I’ve definitely run into problems where parsing parameters one at a time through awk is much faster than trying to manage the entire memory burden. This is common with models that contain lots of generated quantities useful for prediction but not for diagnostics. In other words the parameter-by-parameter analysis is nicely compatible with filtered diagnostics that consider only a subset of parameters.
I'm still a few posts back, so bare with me as I try to catch up. RStan and PyStan both store draws x chains x parameters. R is always column-major. PyStan is column-major also, by forcing Fortran ordering via numpy. Based on this thread it also sounds like CmdStanPy will also be column-major via Pandas. So the answer to
How do the 18 values get laid out in memory?
is
column major: v1, v4, v7, ... v18
for RStan, PyStan, and CmdStanPy.
Lately, we are more interested in CSVs on the command line (presumably with CmdStan?). The dangling question is, do we need to read in all draws into memory and transpose, or is Awk fast enough to pull out specific columns of each CSV so as to store multiple chains of a single parameter? Here's some ballpark numbers from a quick experiment of essentially the following Stan program with 5_000_000 samples and 1 chain:
generated quantities {
real z[10];
for (i in 1:10)
z[i] = normal_rng(0, 1);
}
Reading in the Stan ouput CSV file using numpy.loadtxt() and forcing column-major ordering (a transpose) took approximately 50 seconds. Reading in the third column of the same CSV file with Awk via
time awk -F "\"*,\"*" 'FNR>31 {print $3}' samples1.csv > /dev/null 2>&1
took roughly 4.5 seconds, with an additional ~half-second for each next column. To read in the 12th column, the above Awk command took about 9.5 seconds. Total that's about 70 seconds for columns 3 through 12; roughly 20 seconds slower than reading the entire CSV + transpose. This by no means intends to be a conclusive experiment, especially since I just learned enough Awk to do this. Instead, I'm just putting some numbers on the board.

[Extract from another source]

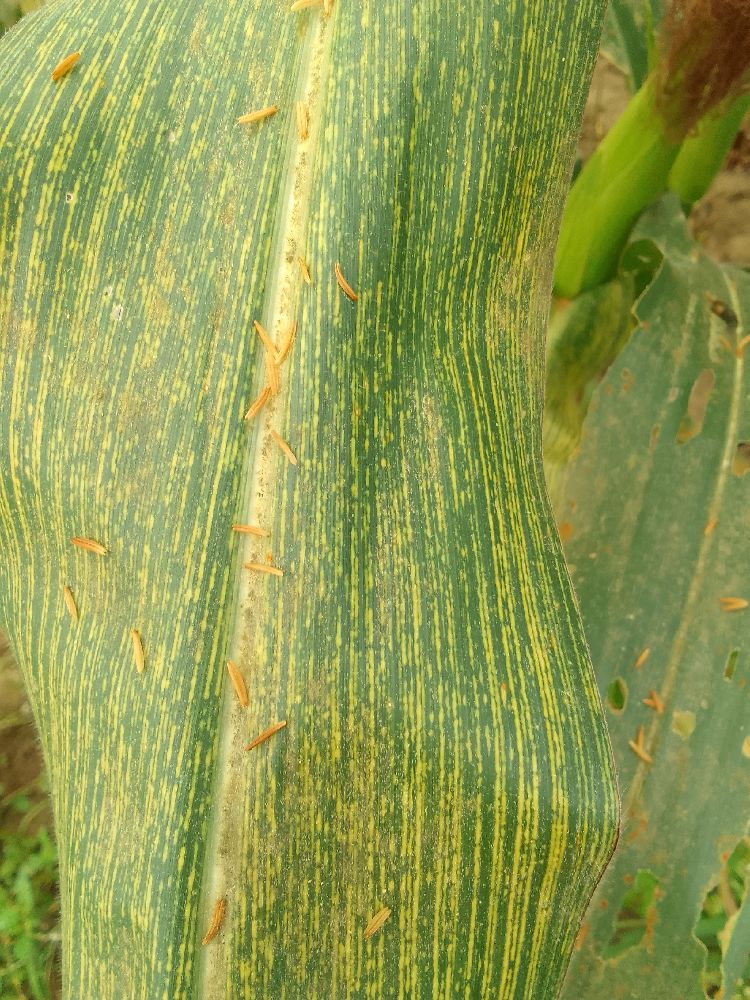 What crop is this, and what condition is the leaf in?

Now, the above question, about Awk versus reading everything into memory and transposing, implicitly assumes that we've agreed on Michael's third option where
each chain pointer points to a contiguous block of memory holding just param1_iter1, param1_iter2, …

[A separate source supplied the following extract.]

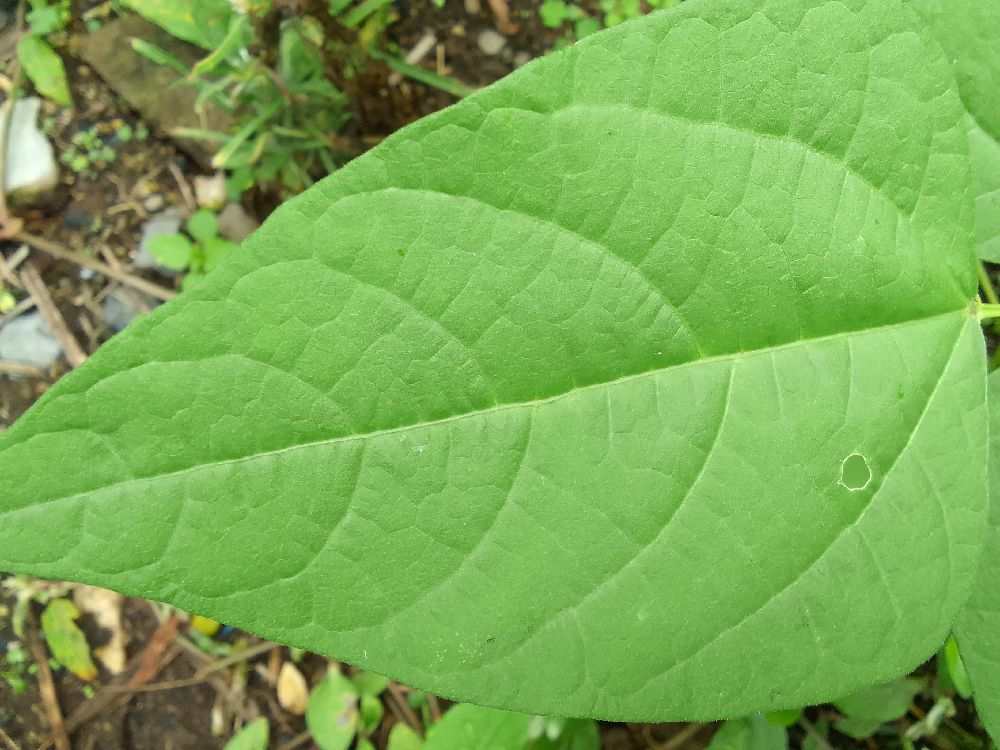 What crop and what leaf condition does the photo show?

common bean, healthy

It doesn't seem like anybody disagrees about this, but I think we should at least make it explicit that we've agreed upon this much, if we in fact agree upon this. I'm all for this third option.
CmdStan stores a single chain per file, with memory locality by iteration. That is, with M draws and K parameters, we have the order
theta[1, 1], theta[1, 2], ..., theta[1, K], theta[2, 1], ..., theta[M, 1], ..., theta[M, K]
So that gives us the ordering
CmdStan CSV file layout: (chain, iteration, parameter)
When you run RStan, the fit object you get back is a huge structure. The draws are stored within a list of chains, where each chain is a list of parameters, and each parameter is an array of values indexed by iteration. So that gives us
RStan fit object layout: (chain, parameter, iteration)
I don't even know that much awk. It's going to scale worse as the number of parameters grows as it'll have to page over more of the file to get a single column.